- Problem statement
Exclude the pictures, then repeat the remaining data exactly.

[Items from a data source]
+--

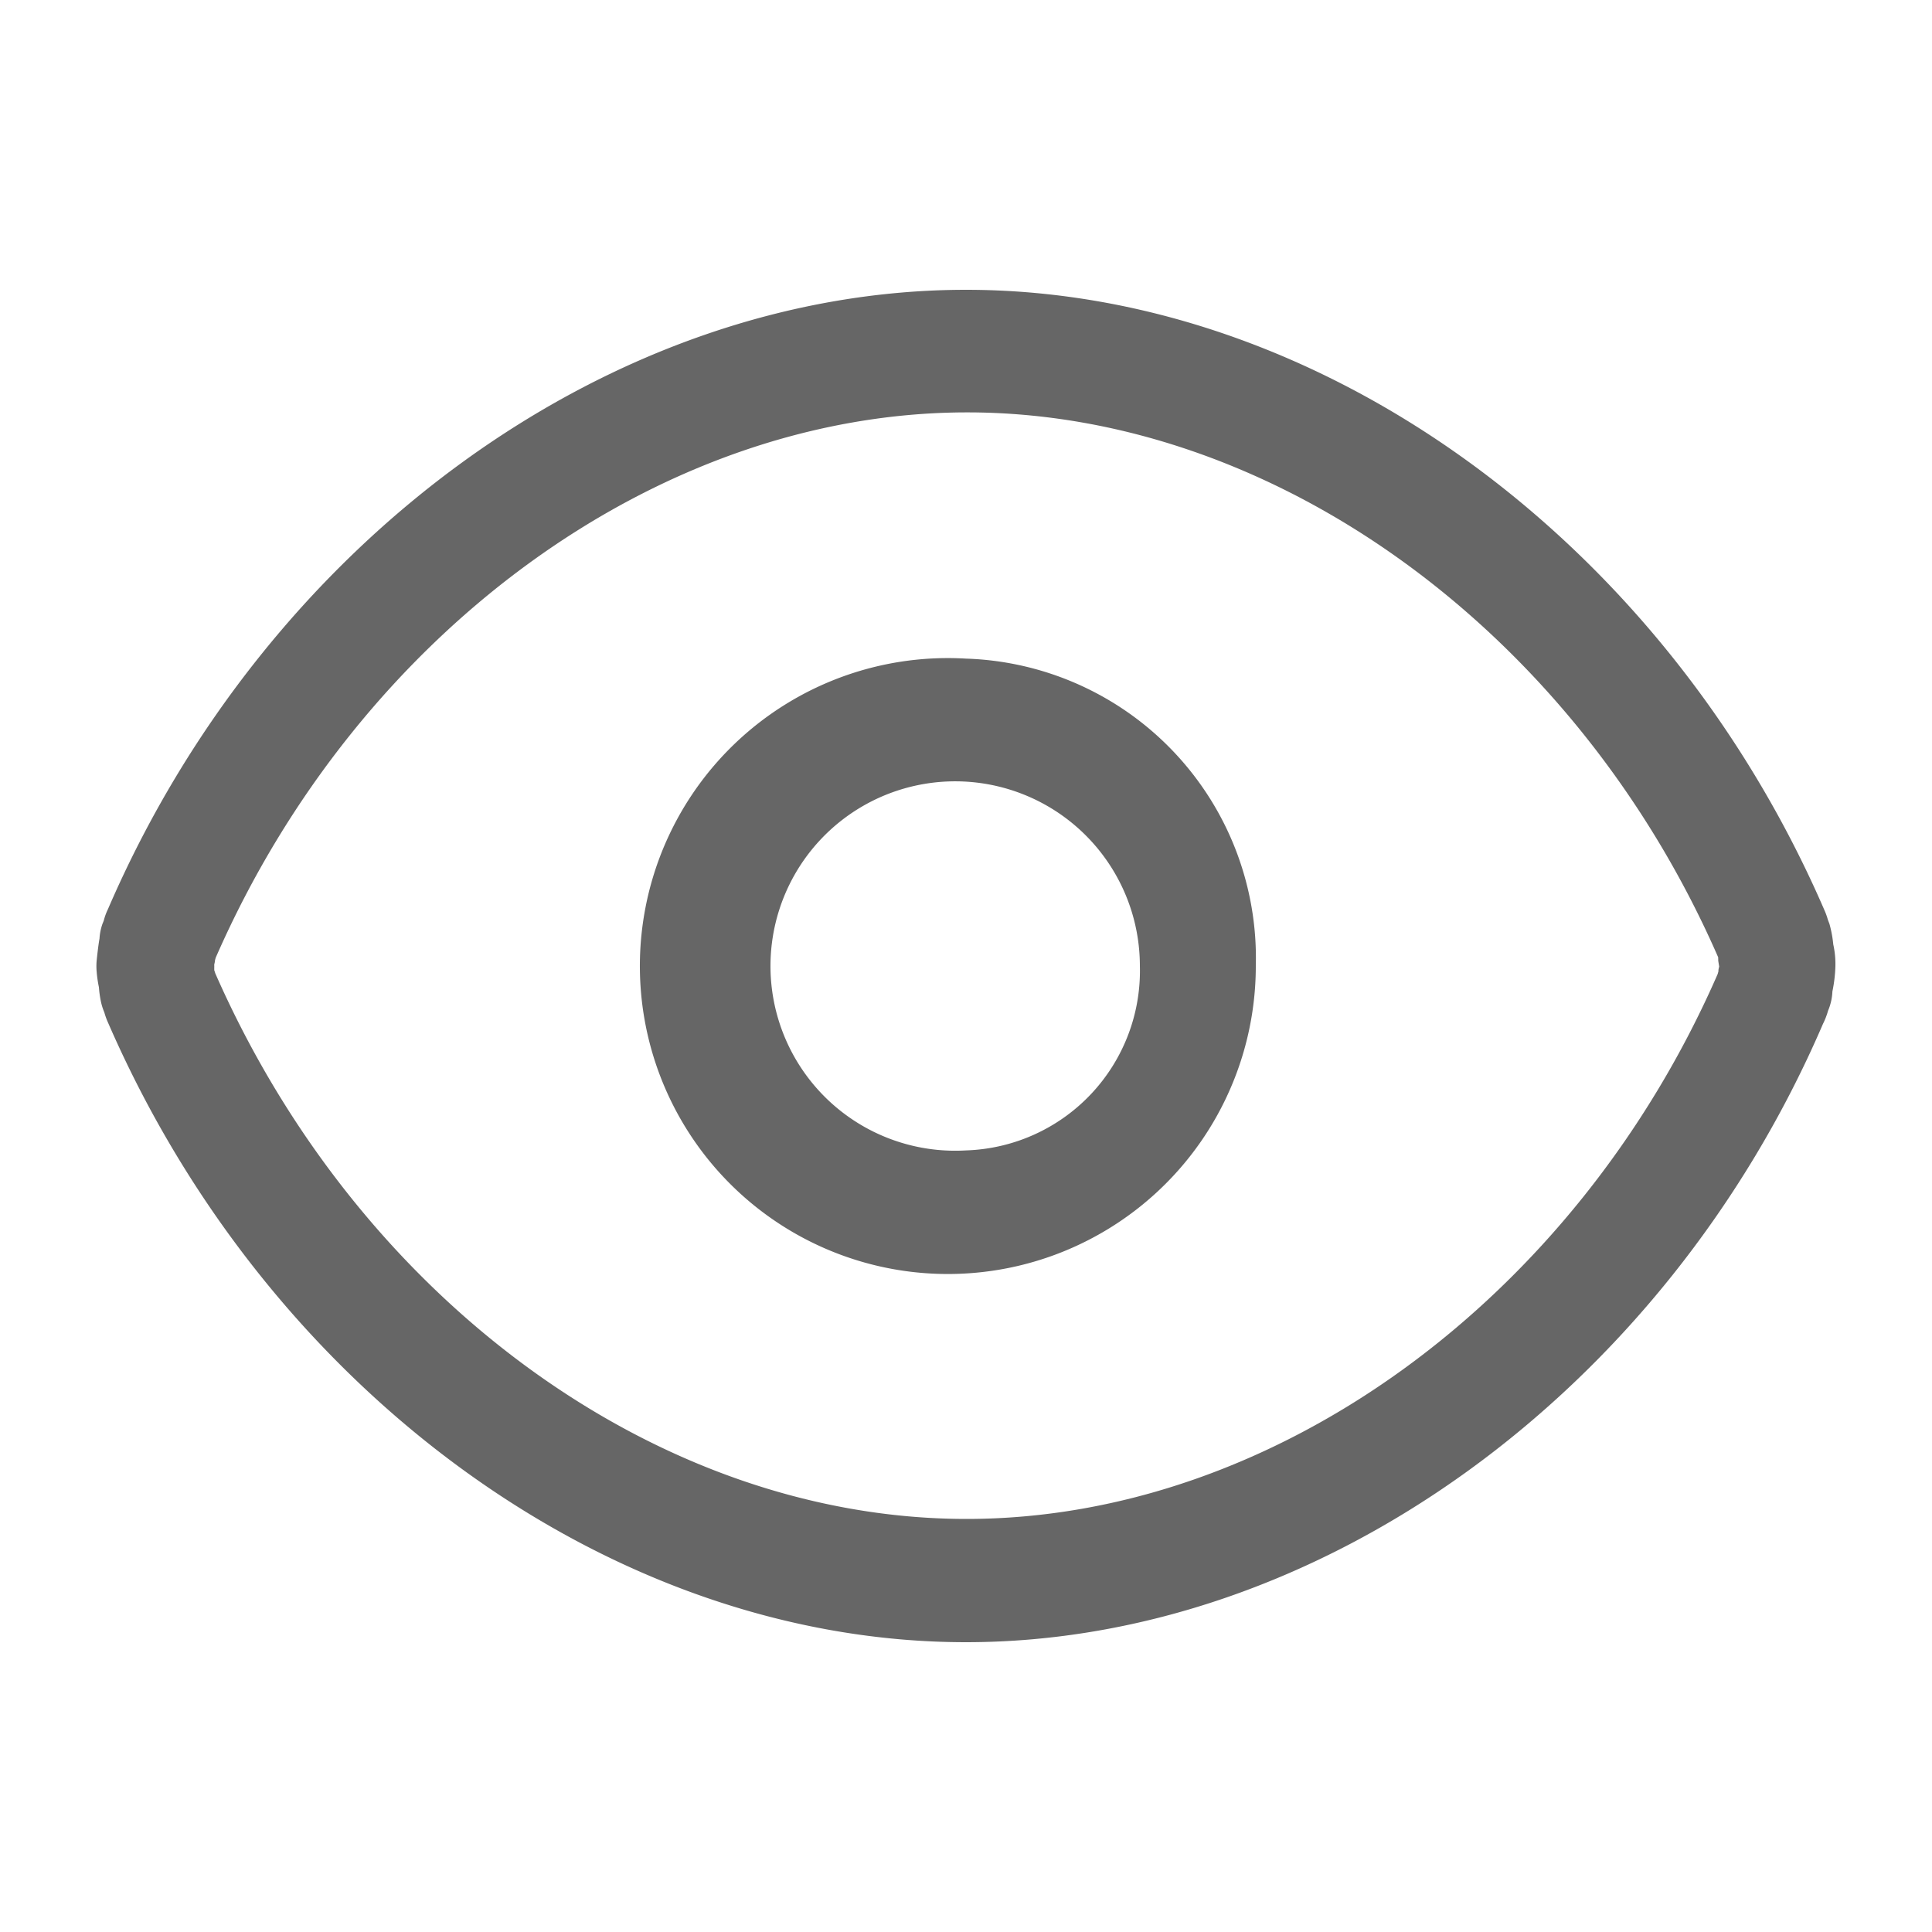 <svg xmlns="http://www.w3.org/2000/svg" width="20" height="20" viewBox="0 0 20 20">
  <defs>
    <style>
      .cls-1 {
        fill: #666;
        fill-rule: evenodd;
      }
    </style>
  </defs>
  <path id="形状_31" data-name="形状 31" class="cls-1" d="M557,340a0.928,0.928,0,0,0-.022-0.223,1.2,1.2,0,0,0-.04-0.214l-0.016-.042a0.674,0.674,0,0,0-.03-0.086C555.231,335.588,551.658,333,548,333s-7.233,2.586-8.884,6.415a0.6,0.6,0,0,0-.042.116l-0.013.032a0.556,0.556,0,0,0-.031.154c-0.014.074-.029,0.223-0.029,0.223a0.642,0.642,0,0,0,0,.124,1.281,1.281,0,0,0,.023.156,1.1,1.1,0,0,0,.019.14,0.593,0.593,0,0,0,.037.12,0.752,0.752,0,0,0,.027.08c1.664,3.851,5.235,6.44,8.893,6.44s7.229-2.587,8.871-6.4a0.761,0.761,0,0,0,.053-0.137,0.571,0.571,0,0,0,.045-0.2A1.489,1.489,0,0,0,557,340h0Zm-1.211.046,0,0.01-0.008.028c-1.475,3.374-4.594,5.64-7.775,5.64s-6.286-2.259-7.777-5.647l-0.011-.034,0-.027a0.223,0.223,0,0,0,0-.023v-0.01a0.214,0.214,0,0,0,.008-0.044l0.007-.025c1.478-3.378,4.6-5.645,7.78-5.645s6.3,2.268,7.774,5.642a0.084,0.084,0,0,0,0,.017l0,0.017,0.01,0.062a0.18,0.18,0,0,0-.008.039h0ZM548,336.818A3.188,3.188,0,1,0,551,340a3.1,3.1,0,0,0-3-3.182h0Zm0,5.091A1.912,1.912,0,1,1,549.8,340a1.86,1.86,0,0,1-1.8,1.909h0Zm0,0" transform="translate(-538 -330)"/>
</svg>

+--

- Reply to the task
 <svg xmlns="http://www.w3.org/2000/svg" width="20" height="20" viewBox="0 0 20 20">
  <defs>
    <style>
      .cls-1 {
        fill: #666;
        fill-rule: evenodd;
      }
    </style>
  </defs>
  <path id="形状_31" data-name="形状 31" class="cls-1" d="M557,340a0.928,0.928,0,0,0-.022-0.223,1.2,1.2,0,0,0-.04-0.214l-0.016-.042a0.674,0.674,0,0,0-.03-0.086C555.231,335.588,551.658,333,548,333s-7.233,2.586-8.884,6.415a0.6,0.6,0,0,0-.042.116l-0.013.032a0.556,0.556,0,0,0-.031.154c-0.014.074-.029,0.223-0.029,0.223a0.642,0.642,0,0,0,0,.124,1.281,1.281,0,0,0,.023.156,1.1,1.1,0,0,0,.019.14,0.593,0.593,0,0,0,.037.12,0.752,0.752,0,0,0,.027.08c1.664,3.851,5.235,6.44,8.893,6.44s7.229-2.587,8.871-6.4a0.761,0.761,0,0,0,.053-0.137,0.571,0.571,0,0,0,.045-0.2A1.489,1.489,0,0,0,557,340h0Zm-1.211.046,0,0.01-0.008.028c-1.475,3.374-4.594,5.64-7.775,5.64s-6.286-2.259-7.777-5.647l-0.011-.034,0-.027a0.223,0.223,0,0,0,0-.023v-0.01a0.214,0.214,0,0,0,.008-0.044l0.007-.025c1.478-3.378,4.6-5.645,7.78-5.645s6.3,2.268,7.774,5.642a0.084,0.084,0,0,0,0,.017l0,0.017,0.01,0.062a0.18,0.18,0,0,0-.008.039h0ZM548,336.818A3.188,3.188,0,1,0,551,340a3.1,3.1,0,0,0-3-3.182h0Zm0,5.091A1.912,1.912,0,1,1,549.8,340a1.86,1.86,0,0,1-1.8,1.909h0Zm0,0" transform="translate(-538 -330)"/>
</svg>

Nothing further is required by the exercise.